La suerte de los feos
Fragmento de la novela
La suerte de los feos
Autor: Hugo García Michael
Julio 2022
–¿Tienes fuego?
La manera como aquella mujer morena me miró, hizo que supiera que pretendía algo más que el simple hecho de que le encendiera su cigarro. De cualquier manera, no tenía cerillos.
–No fumo, no traigo lumbre.
–Entonces invítame una copa. Tengo sed y frío. Y estoy sola –me dijo.
¿Quién era yo para no dar de beber a una sedienta? Era una de las virtudes teologales, aun cuando yo no fuera católico.

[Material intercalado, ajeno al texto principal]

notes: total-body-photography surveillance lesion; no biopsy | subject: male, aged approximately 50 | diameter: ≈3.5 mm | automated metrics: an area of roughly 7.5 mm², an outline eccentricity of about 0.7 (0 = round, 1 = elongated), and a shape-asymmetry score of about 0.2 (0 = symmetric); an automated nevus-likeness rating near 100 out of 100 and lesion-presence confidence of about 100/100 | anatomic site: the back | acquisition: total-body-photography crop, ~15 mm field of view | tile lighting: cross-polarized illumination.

Entramos en el primer bar que encontramos. A las cuatro de la tarde, el lugar lucía medio vacío. Nos acomodamos ante una mesa apartada, en un rincón oscuro y casi oculto. Pedí dos rones con hielo. Ella sonrió sin objetar. Sus ojos eran verdes, de un verde selvático, feraz, húmedo; como húmedos eran sus labios gruesos y exquisitos. Imaginé su sabor, el sabor de esos labios sabiamente cubiertos por una tenue capa de lápiz rosado. Un irresistible impulso me indujo a inclinarme hacia adelante y probar su boca. Fue como lo imaginé: me supo a guanábana, a níspero, a mandarina. Era una y todas las frutas, una y todas las bocas. Y de nueva cuenta, mi bella acompañante nada objetó.
Un mesero nos trajo los rones. Ella y yo chocamos los vasos y dimos un sorbo unánime a nuestras respectivas bebidas. Noté que retenía la suya, sin hacerla pasar por la garganta que adiviné profunda en el interior de su espléndido cuello alargado. De inmediato capté el mensaje. Volví a acercarme a ella y al abrirse, de su boca surgió el ardor alcohólico de aquel ron fuerte que pasó a la mía, a mi boca, llenándome de calor y excitación. No había tiempo que esperar. Apuramos el licor de un solo trago y abandonamos el bar efímero en busca del primer hotel que surgiera a nuestro paso.
Minutos más tarde, cuando su cuerpo cálido y terso retozaba desnudo bajo mis manos, después de habernos amado con la furia de un huracán caribeño, se acurrucó a mi lado como gata perezosa y sin mirarme a la cara me confesó sus verdaderas intenciones.
-Quise seducirte con mi belleza física antes de mostrarte algo que traje conmigo –dijo con voz inesperadamente tímida.
Se levantó y fue hacia la silla donde había dejado su bolso de cuero. La miré al alejarse y pude contemplar su figura a plenitud. Era tan hermosa que le hubiese cumplido el menor de sus caprichos. Buscó entre sus cosas y extrajo una pequeña libreta roja. Sonrió infantil y candorosa y retornó a mi lado, ofreciéndome el breve objeto. Yo habría preferido tomar sus pechos, pero tomé la libretita y la abrí al azar.
“Quise encontrarme en Borges y me perdí en sus laberintos”.
Eso era lo único que estaba anotado, con cuidada letra manuscrita, en una de las páginas. Me pareció una frase simpática, ingeniosa incluso, y quise comentárselo, pero me interrumpió.
–Escribo aforismos. Me gustaría que los sacaras en tu sección del periódico –apuntó.
Buena parte del encanto de aquella noche se desvaneció al instante. De modo que ella me había utilizado con el solo propósito de ver publicados sus textículos. Me sentí humillado, y le devolví el cuadernillo sin leer más. Ella pareció desconcertada.
–¿Qué te pasa? ¿Por qué te pones así? –me preguntó con azoro.
Salté de la cama y comencé a vestirme. Ella no alcanzaba a salir de su asombro.
–He hecho lo mismo otras veces y siempre me ha dado resultado. ¿Quién eres tú para rechazarme de esa manera? –insistió, con naciente enfado.
Me limité a mirarla y nada respondí. Al abandonar el cuarto, sentí que quizás había sido un tanto injusto con ella. Debí decirle que cogía como los propios ángeles.